Multi-turn evaluation is more work than a prompt-response test set — more generation, more scoring, more reading of transcripts. But conversations are the product. Evaluating your agent one turn at a time is like reviewing a film one frame at a time: every frame can be in focus while the story makes no sense. For where this fits in a complete evaluation practice, see the AI agent evaluation guide.

FAQ

What is multi-turn evaluation?

Multi-turn evaluation tests an AI system across a whole conversation — or several conversations — instead of scoring isolated prompt-response pairs. It checks whether the system carries context, resolves references like 'the second one', handles goal changes, and stays consistent over time.
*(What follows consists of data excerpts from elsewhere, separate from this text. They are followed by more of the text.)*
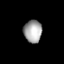
Tissue: lung
Cell type: Endothelial cells
Senescence score: 0.5654
Nuclear area (px): 397
Mean DAPI intensity: 165.927
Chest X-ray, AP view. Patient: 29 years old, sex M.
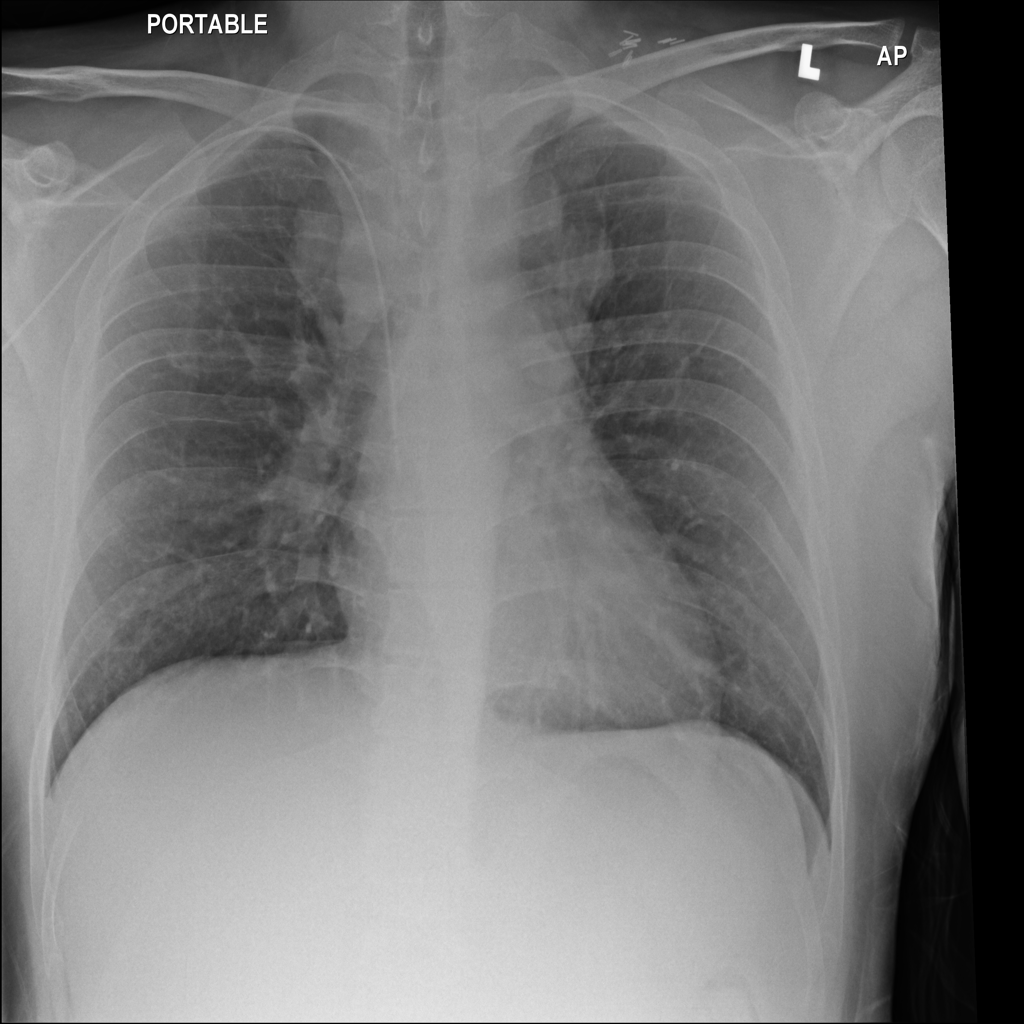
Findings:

Why do single-turn evals miss failures?

Because most conversational failures are relational: the agent forgets what was said three turns ago, misresolves a pronoun, or contradicts its earlier answer. Every individual turn can look fine in isolation while the conversation as a whole fails the user.

Should I score every turn or the whole conversation?

Both, for different reasons. Turn-level scoring localizes where a conversation went wrong, which helps debugging. Conversation-level scoring measures what actually matters to the user — whether the goal was achieved. Relying on turn-level scores alone can rate a failed conversation as a series of fine turns.

How do you test conversations that span multiple sessions?

You need test users with persistent memory: the same simulated person returns days later and references the earlier interaction. Fixed test scripts can fake this with injected context; simulated users that genuinely remember across sessions test it for real.